#### [What the task asks]
Would you please repeat all of the data exactly, omitting the pictures?

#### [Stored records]
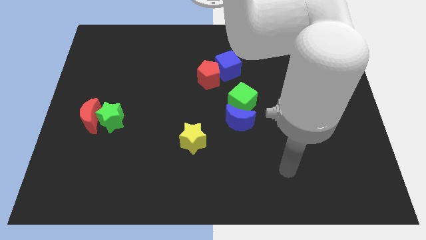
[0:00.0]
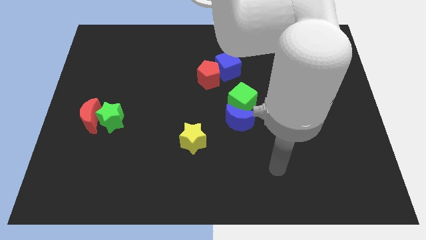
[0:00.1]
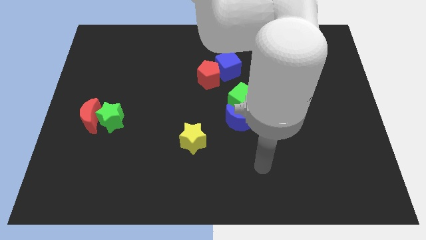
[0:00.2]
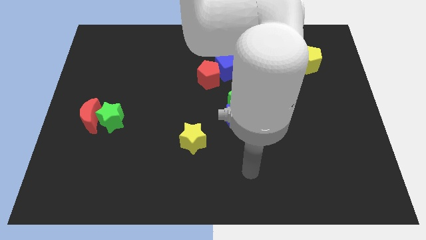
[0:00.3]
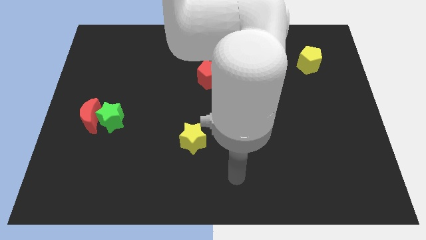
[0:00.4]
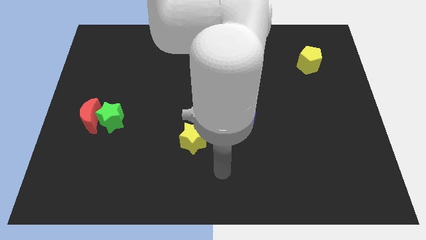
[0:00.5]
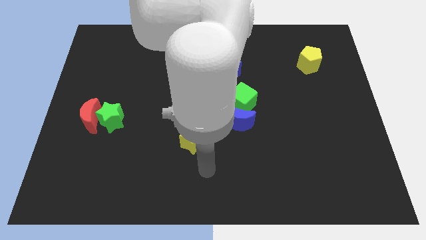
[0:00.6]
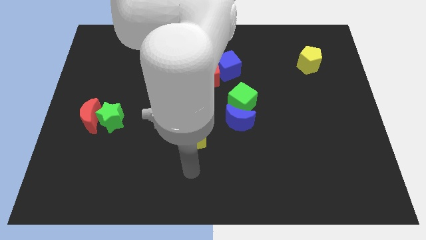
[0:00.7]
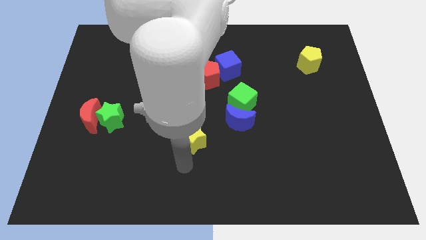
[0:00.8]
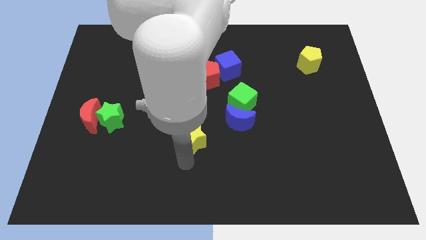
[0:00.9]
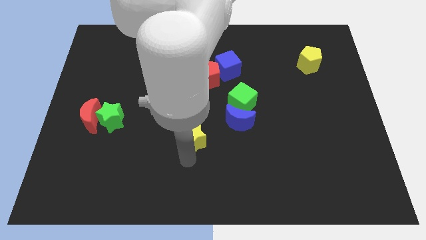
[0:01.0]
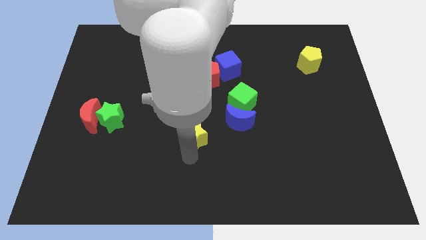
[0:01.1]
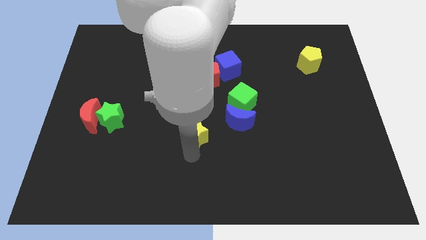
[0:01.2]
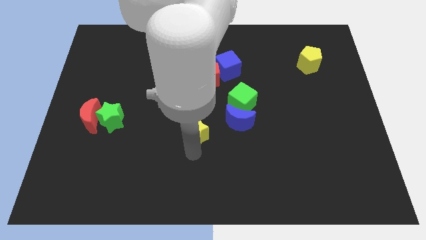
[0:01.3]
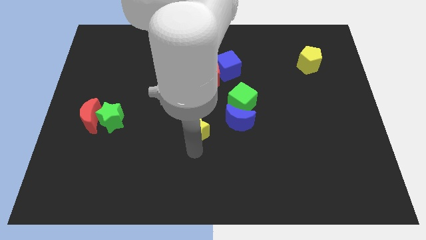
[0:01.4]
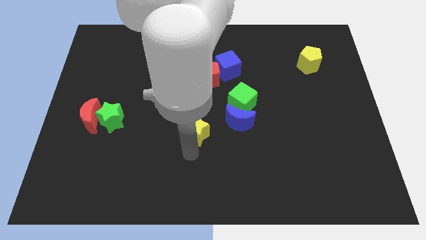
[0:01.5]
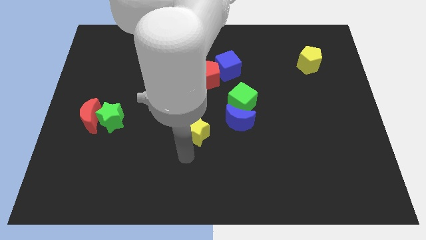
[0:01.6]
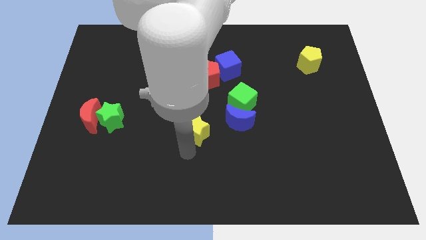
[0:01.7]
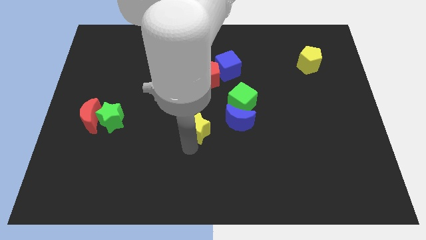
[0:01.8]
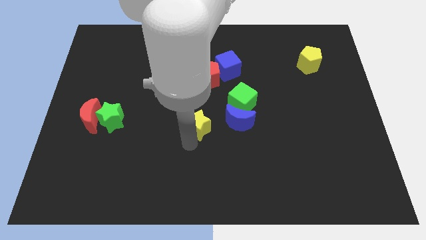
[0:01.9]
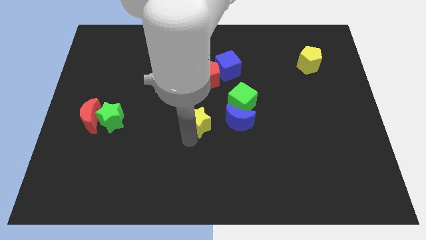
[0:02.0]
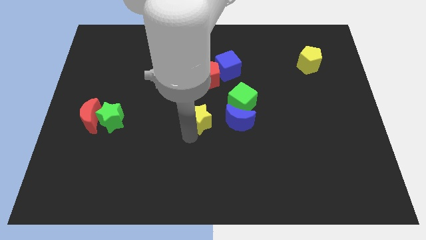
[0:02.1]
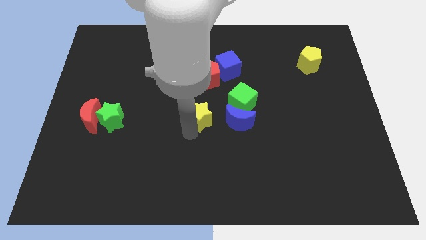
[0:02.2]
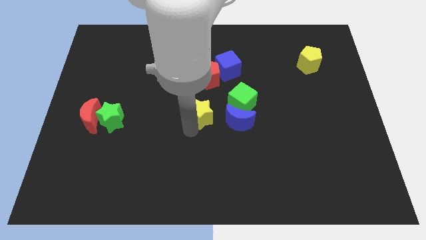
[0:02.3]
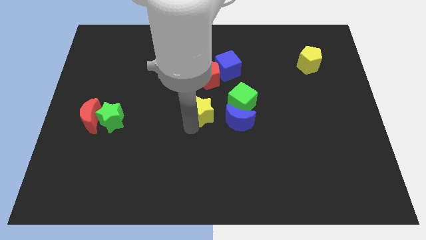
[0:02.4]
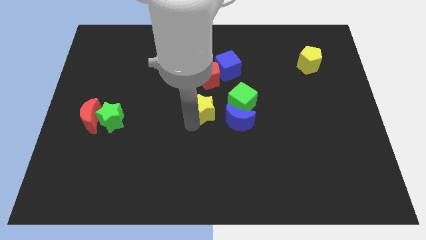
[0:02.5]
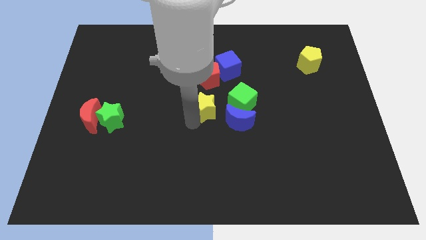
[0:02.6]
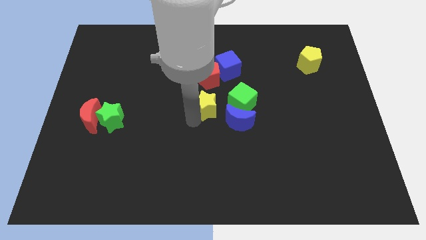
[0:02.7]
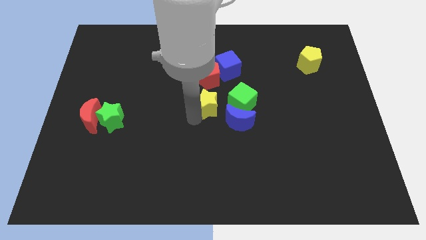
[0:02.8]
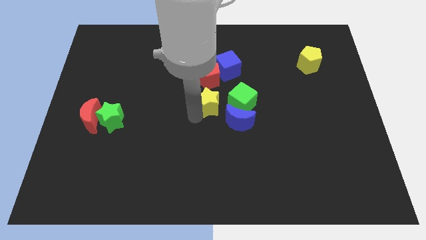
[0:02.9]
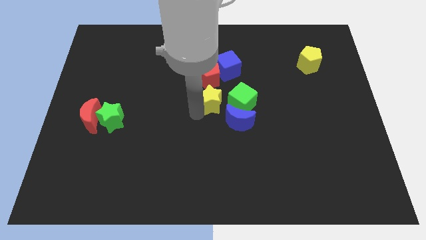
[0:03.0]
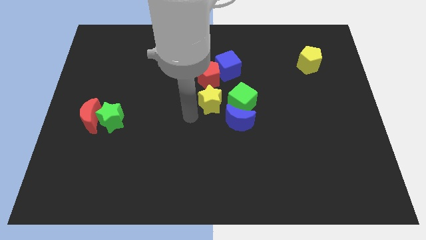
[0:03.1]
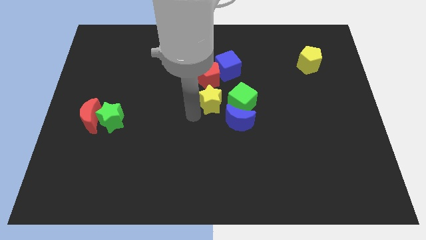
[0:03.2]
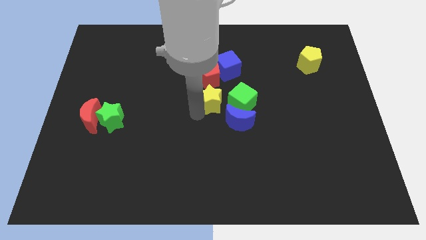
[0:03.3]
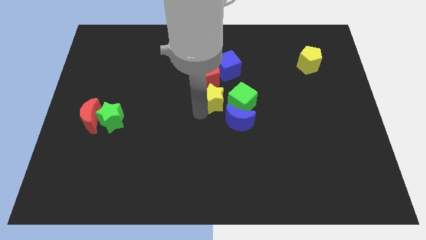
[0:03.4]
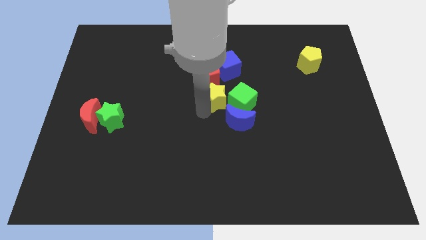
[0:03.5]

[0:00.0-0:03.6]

#### [Task solution]
[0:00.0]
[0:00.1]
[0:00.2]
[0:00.3]
[0:00.4]
[0:00.5]
[0:00.6]
[0:00.7]
[0:00.8]
[0:00.9]
[0:01.0]
[0:01.1]
[0:01.2]
[0:01.3]
[0:01.4]
[0:01.5]
[0:01.6]
[0:01.7]
[0:01.8]
[0:01.9]
[0:02.0]
[0:02.1]
[0:02.2]
[0:02.3]
[0:02.4]
[0:02.5]
[0:02.6]
[0:02.7]
[0:02.8]
[0:02.9]
[0:03.0]
[0:03.1]
[0:03.2]
[0:03.3]
[0:03.4]
[0:03.5]

[0:00.0-0:03.6]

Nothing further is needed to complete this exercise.